Study on vibration of mistuned bladed disk with bi-periodic piezoelectric network

Abstract

The paper deals with the vibration suppression of a bladed disk structure with a piezoelectric network. The piezoelectric network without inductors has a different period (so-called bi-period) from that of the bladed disk. The research focuses on reducing amplified response or localized vibration, a phenomenon existing in bladed disks and induced by mistuning. The study is based on an electromechanical and cyclic-periodic lumped parameter model with two degrees of freedom per sector. Both mechanical mistuning and electrical mistuning have been taken into account. The modified modal assurance criterion is adopted to evaluate the ability of bi-periodic piezoelectric networks for suppressing vibration. The Monte Carlo simulation is used to calculate the modified modal assurance criterion of the system with random mistuning. To validate the numerical results, an experiment research is also carried out. In order to perform a comparison between numerical results and experimental results, the method of equivalent blisk model is introduced to identify the lumped parameters of the experimental model.

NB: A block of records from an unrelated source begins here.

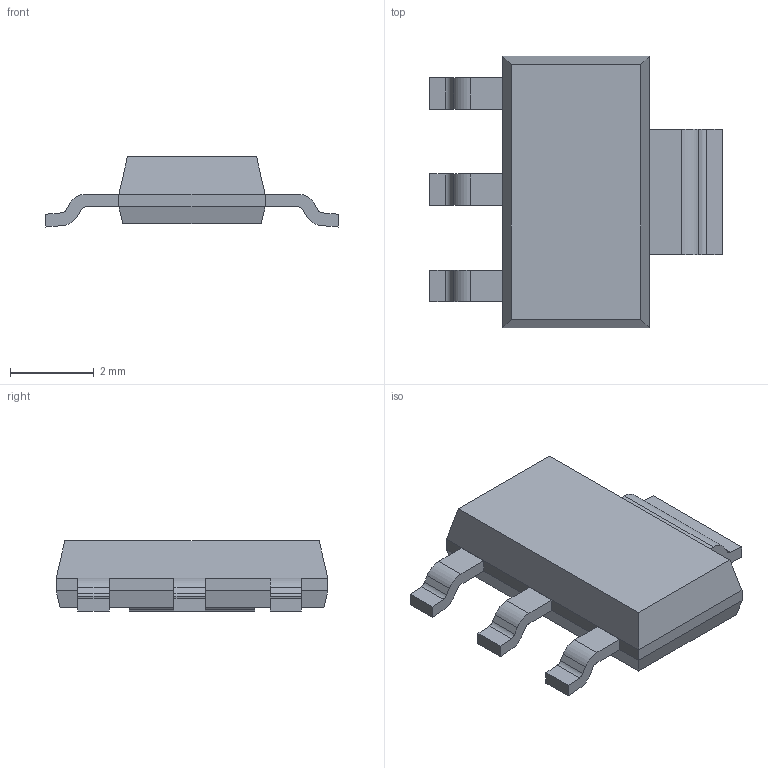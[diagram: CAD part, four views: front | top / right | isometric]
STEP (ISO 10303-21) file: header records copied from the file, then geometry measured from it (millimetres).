
FILE_DESCRIPTION((''),'2;1');
FILE_NAME('DCY0004A_ASM','2017-01-06T',('a0412025'),(''),'CREO PARAMETRIC BY PTC INC, 2016050','CREO PARAMETRIC BY PTC INC, 2016050','');
FILE_SCHEMA(('AUTOMOTIVE_DESIGN { 1 0 10303 214 1 1 1 1 }'));
Length unit declared in the file: millimetre
Products named in the file (5): BODY-SOT; LEAD-SOT; LEAD-SOT-WIDE; PIN1-ID; DCY0004A_ASM
Assembly tree (6 placements, depth 2):
  DCY0004A_ASM
    BODY-SOT
    LEAD-SOT  x3
    LEAD-SOT-WIDE
    PIN1-ID
Bounding box: 7 x 6.5 x 1.68 mm (x, y, z)
Volume: 37.4 mm3; surface area: 99.9 mm2
Topology: 5 solids, 5 shells, 70 faces, 172 edges, 112 vertices
Faces by surface type: plane 54, cylinder 16
Entity records: 1996 total; most frequent: CARTESIAN_POINT 229, DIRECTION 222, ORIENTED_EDGE 200, PRESENTATION_STYLE_ASSIGNMENT 103, STYLED_ITEM 103, CURVE_STYLE 100, EDGE_CURVE 100, VECTOR 84
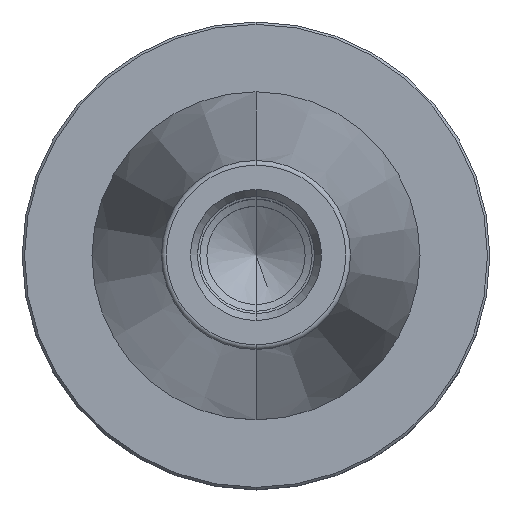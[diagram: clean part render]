
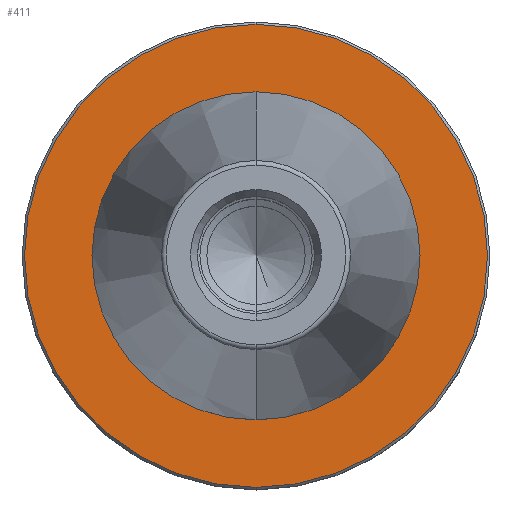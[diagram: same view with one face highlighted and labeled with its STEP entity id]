
A CAD part, top view. The second image highlights one B-rep face of the part: STEP entity #411.
In plain terms, the highlighted planar face has unit normal (0, 0, 1).
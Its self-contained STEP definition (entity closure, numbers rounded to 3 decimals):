
#391=VERTEX_POINT('',#945);
#411=ADVANCED_FACE('',(#970,#971),#972,.T.);
#455=VERTEX_POINT('',#1019);
#457=VERTEX_POINT('',#1021);
#619=VERTEX_POINT('',#1200);
#623=EDGE_CURVE('',#455,#619,#1204,.T.);
#647=EDGE_CURVE('',#457,#391,#1229,.T.);
#655=EDGE_CURVE('',#391,#457,#1238,.T.);
#679=EDGE_CURVE('',#619,#455,#1266,.T.);
#945=CARTESIAN_POINT('',(0.,-49.5,-3.0));
#970=FACE_OUTER_BOUND('',#1599,.T.);
#971=FACE_BOUND('',#1600,.T.);
#972=PLANE('',#1601);
#1019=CARTESIAN_POINT('',(0.,-35.071,-3.0));
#1021=CARTESIAN_POINT('',(0.0,49.5,-3.0));
#1200=CARTESIAN_POINT('',(0.0,35.071,-3.0));
#1204=CIRCLE('',#1912,35.071);
#1229=CIRCLE('',#1949,49.5);
#1238=CIRCLE('',#1960,49.5);
#1266=CIRCLE('',#1994,35.071);
#1599=EDGE_LOOP('',(#2401,#2402));
#1600=EDGE_LOOP('',(#2403,#2404));
#1601=AXIS2_PLACEMENT_3D('',#2405,#2406,#2407);
#1912=AXIS2_PLACEMENT_3D('',#2673,#2674,#2675);
#1949=AXIS2_PLACEMENT_3D('',#2702,#2703,#2704);
#1960=AXIS2_PLACEMENT_3D('',#2716,#2717,#2718);
#1994=AXIS2_PLACEMENT_3D('',#2758,#2759,#2760);
#2401=ORIENTED_EDGE('',*,*,#647,.F.);
#2402=ORIENTED_EDGE('',*,*,#655,.F.);
#2403=ORIENTED_EDGE('',*,*,#679,.T.);
#2404=ORIENTED_EDGE('',*,*,#623,.T.);
#2405=CARTESIAN_POINT('',(0.0,42.285,-3.0));
#2406=DIRECTION('',(-0.0,0.0,1.0));
#2407=DIRECTION('',(0.0,-1.0,0.0));
#2673=CARTESIAN_POINT('',(0.0,0.0,-3.0));
#2674=DIRECTION('',(0.0,0.0,-1.0));
#2675=DIRECTION('',(0.0,1.0,0.0));
#2702=CARTESIAN_POINT('',(0.0,0.0,-3.0));
#2703=DIRECTION('',(0.0,0.0,-1.0));
#2704=DIRECTION('',(0.0,1.0,0.0));
#2716=CARTESIAN_POINT('',(0.0,0.0,-3.0));
#2717=DIRECTION('',(0.0,0.0,-1.0));
#2718=DIRECTION('',(0.0,1.0,0.0));
#2758=CARTESIAN_POINT('',(0.0,0.0,-3.0));
#2759=DIRECTION('',(0.0,0.0,-1.0));
#2760=DIRECTION('',(0.0,1.0,0.0));
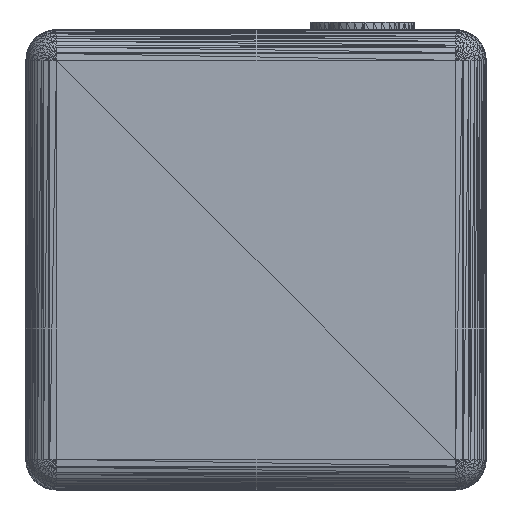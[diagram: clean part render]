
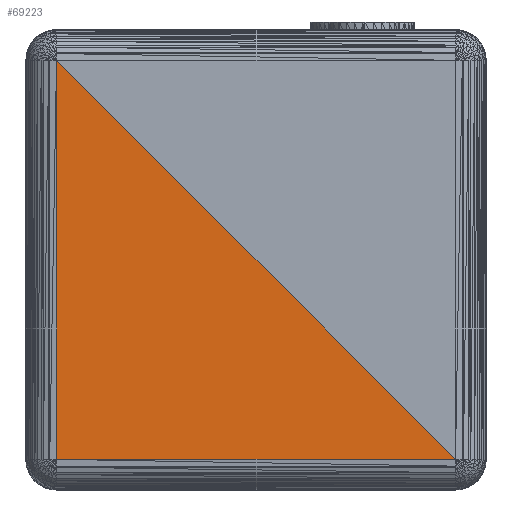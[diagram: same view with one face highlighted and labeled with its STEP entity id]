
A CAD part, left-side view. The second image highlights one B-rep face of the part: STEP entity #69223.
In plain terms, the highlighted planar face has unit normal (-1, 0, 0).
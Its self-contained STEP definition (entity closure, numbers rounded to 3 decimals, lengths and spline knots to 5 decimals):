
#2110=DIRECTION('',(0.0,-1.0,0.0));
#2111=VECTOR('',#2110,1000.0);
#2164=DIRECTION('',(-1.0,0.0,0.0));
#45090=CARTESIAN_POINT('',(-0.3,0.13,0.13));
#45091=VERTEX_POINT('',#45090);
#45092=CARTESIAN_POINT('',(-0.3,-0.13,-0.13));
#45093=VERTEX_POINT('',#45092);
#45094=CARTESIAN_POINT('',(-0.3,0.13,-0.13));
#45095=VERTEX_POINT('',#45094);
#69194=DIRECTION('',(0.0,-0.707,-0.707));
#69195=VECTOR('',#69194,1000.0);
#69196=LINE('',#45090,#69195);
#69197=EDGE_CURVE('',#45091,#45093,#69196,.T.);
#69209=DIRECTION('',(0.0,0.0,-1.0));
#69210=VECTOR('',#69209,1000.0);
#69211=LINE('',#45090,#69210);
#69212=EDGE_CURVE('',#45091,#45095,#69211,.T.);
#69213=LINE('',#45094,#2111);
#69214=EDGE_CURVE('',#45095,#45093,#69213,.T.);
#69215=ORIENTED_EDGE('',*,*,#69197,.F.);
#69216=ORIENTED_EDGE('',*,*,#69212,.T.);
#69217=ORIENTED_EDGE('',*,*,#69214,.T.);
#69218=DIRECTION('',(0.0,0.707,0.707));
#69219=AXIS2_PLACEMENT_3D('',#45092,#2164,#69218);
#69220=PLANE('',#69219);
#69221=EDGE_LOOP('',(#69215,#69216,#69217));
#69222=FACE_BOUND('',#69221,.T.);
#69223=ADVANCED_FACE('',(#69222),#69220,.T.);

In the experiment, traveling wave excitations are simulated as dynamical loads to excite the resonant vibration of coupling bladed disks in a rotating state. The results show that with a good design, the bi-periodic piezoelectric network can effectively suppress the amplified-forced-response due to the mistuning of the system, even though there are less piezoelectric patches and electric elements in the system compared to the system with piezoelectric shunt circuits.